=== TASK PROMPT ===
What you return must match the records below exactly, apart from the omitted pictures.

=== Saved data entries ===
-- -- --

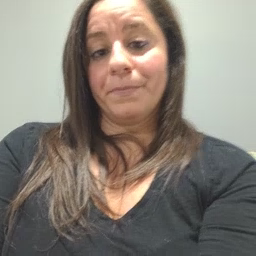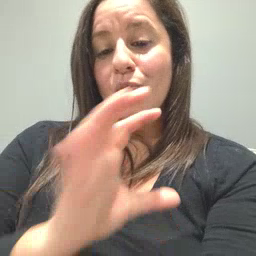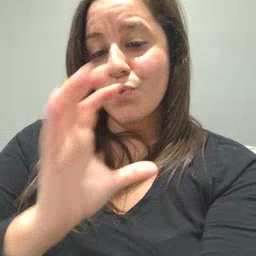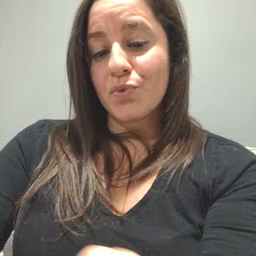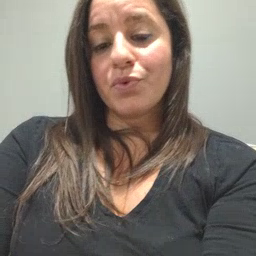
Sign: old
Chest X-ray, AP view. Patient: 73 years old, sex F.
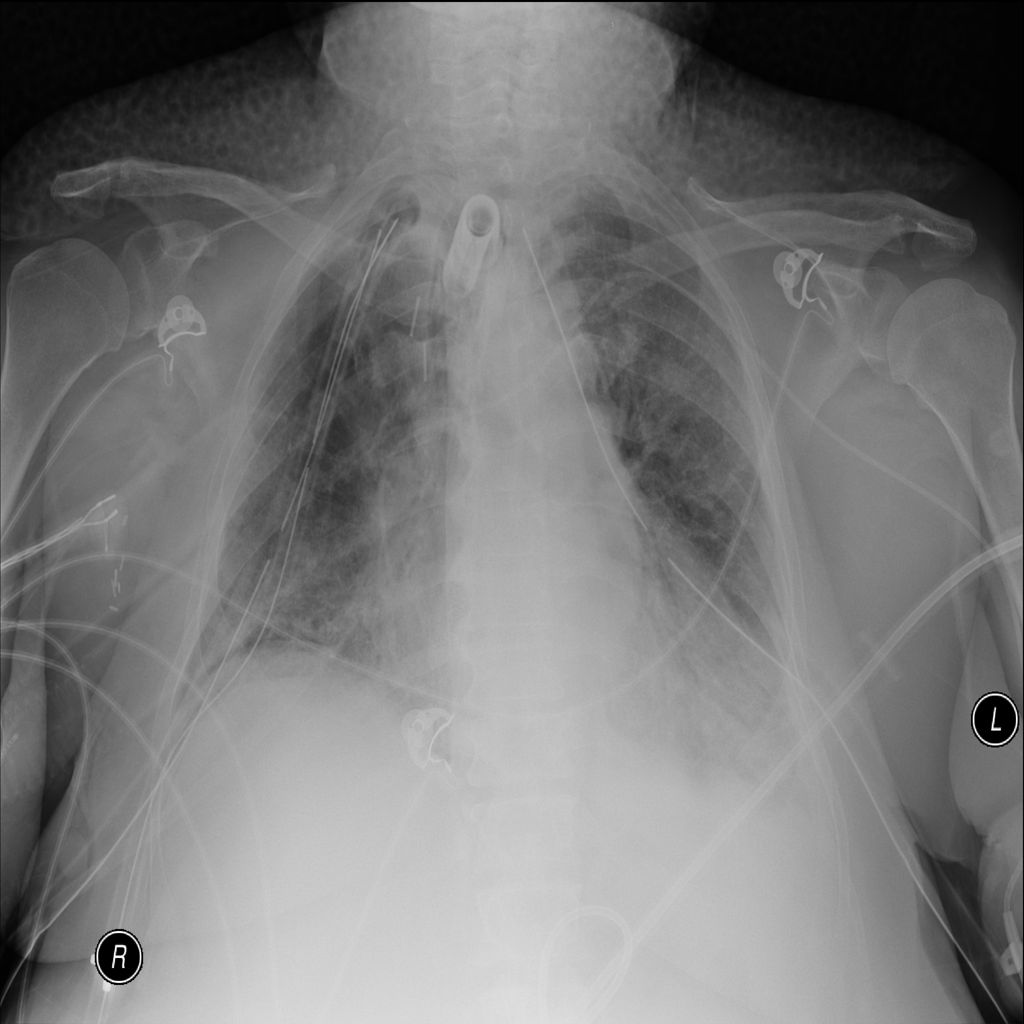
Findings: Infiltration
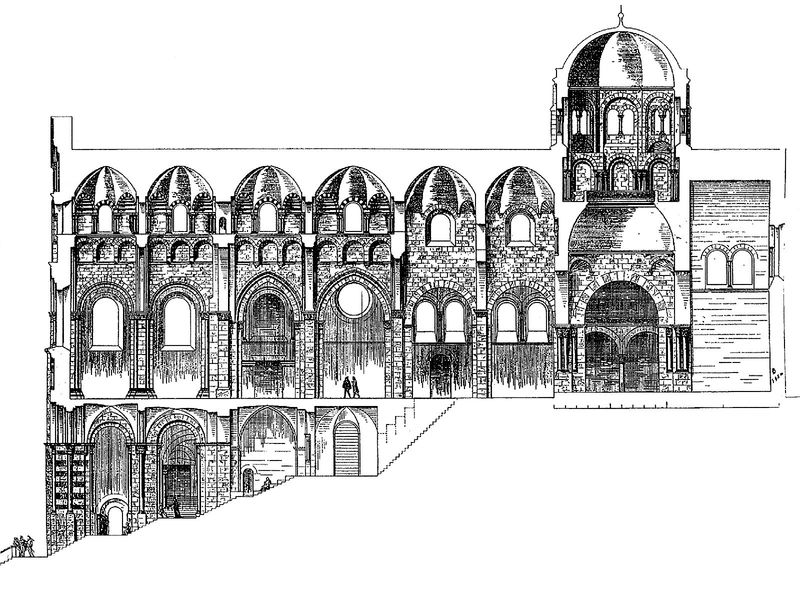
Titel: Kathedrale Le Puy-en-Velay, der Westteil des Baus (2. Hälfte 12. Jh.) ruht auf mächtigen Subkonstruktionen
Schlagwörter: weiß, menschen, fenster, pfeiler, schwarz, skizze, säulen, tür, zeichnung, dach, architektur, mensch, gehen, kirche, front, frontal, kreis, rund, bogen, hang, pilaster, rundbogen, kuppel, treppe, treppen, arch, arches, architecture, church, men, people, stairs, steps, white, window, black, figures, old, windows, stufen, tor, umriss, bögen, keller, gewölbe, kuppeln, stockwerk, dom, schnitt, stich, entwurf, arkaden, kathedrale, portal, kanzel, obergaden, spitzbogen, roman, stone, apsis, building, house, tower, plan, drawing, sketch, querschnitt, bau, grundriss, aufriss, maßstab, krypta, torbögen, dome, section, durchschnitt, cathedral, walls, blendarkaden, basement, brick, cross section, scale, structure, diagram, gebaeude, architetkur, blueprint, arched, y, apsys, sobergaden, firgures, blue prints
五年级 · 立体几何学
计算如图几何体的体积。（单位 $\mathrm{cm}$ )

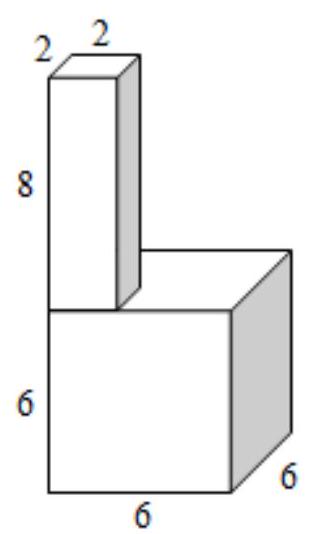
答案: 解$248 \mathrm{~cm}^{3}$

【分析】观察图形可知, 该图形的体积 $=$ 长方体的体积 + 正方体的体积, 根据正方体的体积公式: V $=\mathrm{a}^{3}$, 长方体的体积公式: $\mathrm{V}=\mathrm{abh}$, 据此代入数值进行计算即可。

【详解】 $6 \times 6 \times 6+2 \times 2 \times 8$

$=36 \times 6+4 \times 8$

$=216+32$

$=248\left(\mathrm{~cm}^{3}\right)$

-- -- --

=== TASK SOLUTION ===
Sign: old
Chest X-ray, AP view. Patient: 73 years old, sex F.
Findings: Infiltration
Titel: Kathedrale Le Puy-en-Velay, der Westteil des Baus (2. Hälfte 12. Jh.) ruht auf mächtigen Subkonstruktionen
Schlagwörter: weiß, menschen, fenster, pfeiler, schwarz, skizze, säulen, tür, zeichnung, dach, architektur, mensch, gehen, kirche, front, frontal, kreis, rund, bogen, hang, pilaster, rundbogen, kuppel, treppe, treppen, arch, arches, architecture, church, men, people, stairs, steps, white, window, black, figures, old, windows, stufen, tor, umriss, bögen, keller, gewölbe, kuppeln, stockwerk, dom, schnitt, stich, entwurf, arkaden, kathedrale, portal, kanzel, obergaden, spitzbogen, roman, stone, apsis, building, house, tower, plan, drawing, sketch, querschnitt, bau, grundriss, aufriss, maßstab, krypta, torbögen, dome, section, durchschnitt, cathedral, walls, blendarkaden, basement, brick, cross section, scale, structure, diagram, gebaeude, architetkur, blueprint, arched, y, apsys, sobergaden, firgures, blue prints
五年级 · 立体几何学
计算如图几何体的体积。（单位 $\mathrm{cm}$ )

答案: 解$248 \mathrm{~cm}^{3}$

【分析】观察图形可知, 该图形的体积 $=$ 长方体的体积 + 正方体的体积, 根据正方体的体积公式: V $=\mathrm{a}^{3}$, 长方体的体积公式: $\mathrm{V}=\mathrm{abh}$, 据此代入数值进行计算即可。

【详解】 $6 \times 6 \times 6+2 \times 2 \times 8$

$=36 \times 6+4 \times 8$

$=216+32$

$=248\left(\mathrm{~cm}^{3}\right)$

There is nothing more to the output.